Tag Archives: Meltdown

Why Fort Calhoun & Los Alamos Should Frighten Us

If there’s one thing we should have learnt from Japan’s Fukushima nuclear disaster, it is that governments and nuclear plant owners don’t tell the truth lie.

In Japan’s case, the authorities waited until nearly 3 months after the post-quake tsunami damaged the Fukushima Daiichi nuclear power plant, to finally tell the truth. Not one (as previously said), but all three of the plant’s damaged reactors had experienced a meltdown.

Here in the United States, we are being told by the authorities that, despite the flooding of the Missouri River and the raging Las Conchas wildfire, the Fort Calhoun Nuclear Power Plant in Nebraska and the Los Alamos Nuclear Lab in New Mexico are both okay. But we have good reasons to be concerned.

Let’s look at Los Alamos first.

The Las Conchas wildfire in the Santa Fe National Forest began last Sunday only THREE MILES from Los Alamos, where one of America’s two nuclear-weapons producing lab is located.

As of 10 a.m. today, only 3% of the wildfire has been contained, according to the New Mexico Fire Information website. We are assured that no wildfire has reached the Los Alamos Laboratory property, and that 7 high-volume air monitors placed along the lab’s boundaries all come in “clean.”

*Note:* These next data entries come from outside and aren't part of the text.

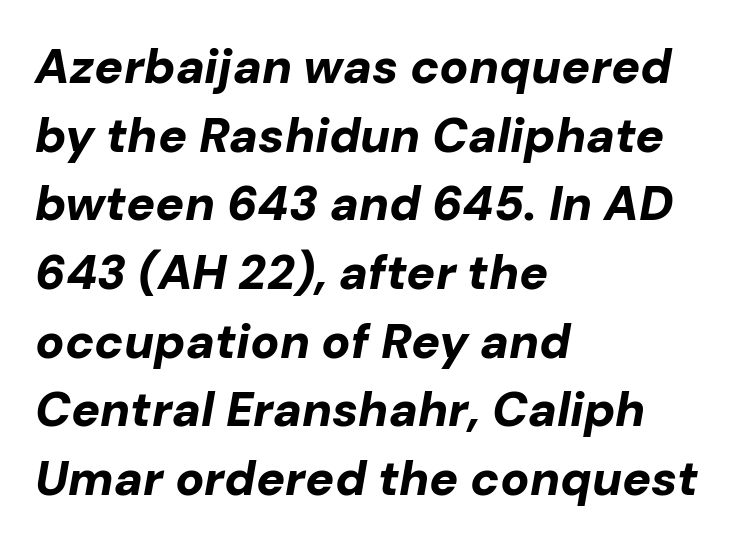
Q: Is the text bold? A: Yes.
Q: Is the text italic (slanted)? A: Yes, it leans right by about 10 degrees.
Q: Is the text underlined? A: No.
Q: How is the paragraph aligned? A: Left-aligned.
Q: Is the spacing between letters normal or unusually wide? A: Normal.
Q: Is the spacing between lines tight, normal or loose? A: Normal.
Q: Width (condensed, normal, or wide)? A: Normal.
Q: Stroke contrast? A: Low.
Q: x-height? A: Medium.
Q: Monospaced? A: No.
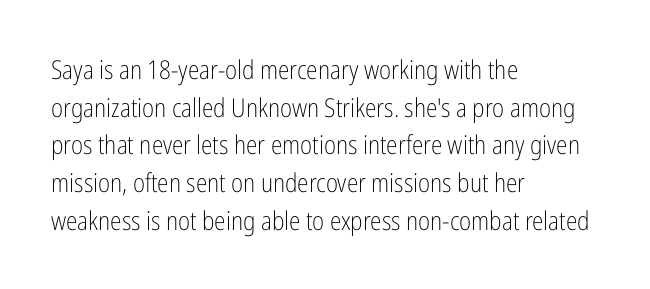
The image shows 26 px text type, upright; set left-aligned, normal line spacing (1.45x), normal letter spacing, not underlined.

But physicist Michio Kaku tells ABC News why he’s concerned  about the fire at Los Alamos. That’s because around 20,000 to 30,000 barrels of plutonium contaminated waste (everything from gloves to fuel rods) is stored at the lab. Kaku explains: “Plutonium is one of the most toxic particles known to science. A particle you can’t even see lodged in your lungs could cause lung cancer. What we’re worried about is what happens when the fires go right into these buildings and perhaps pop open some of these 55-gallon drums.”

Although Los Alamos National Lab officials said dangerous materials in the lab are secure and do not pose a threat, Kaku warns that no one has ever fully tested the lab under real fire conditions. “What happens if the fire spreads to the very heart of the laboratory? At that point, we have to cross our fingers hoping that ‘secure sites’ remain secure.” [See the video of Kaku by clicking HERE]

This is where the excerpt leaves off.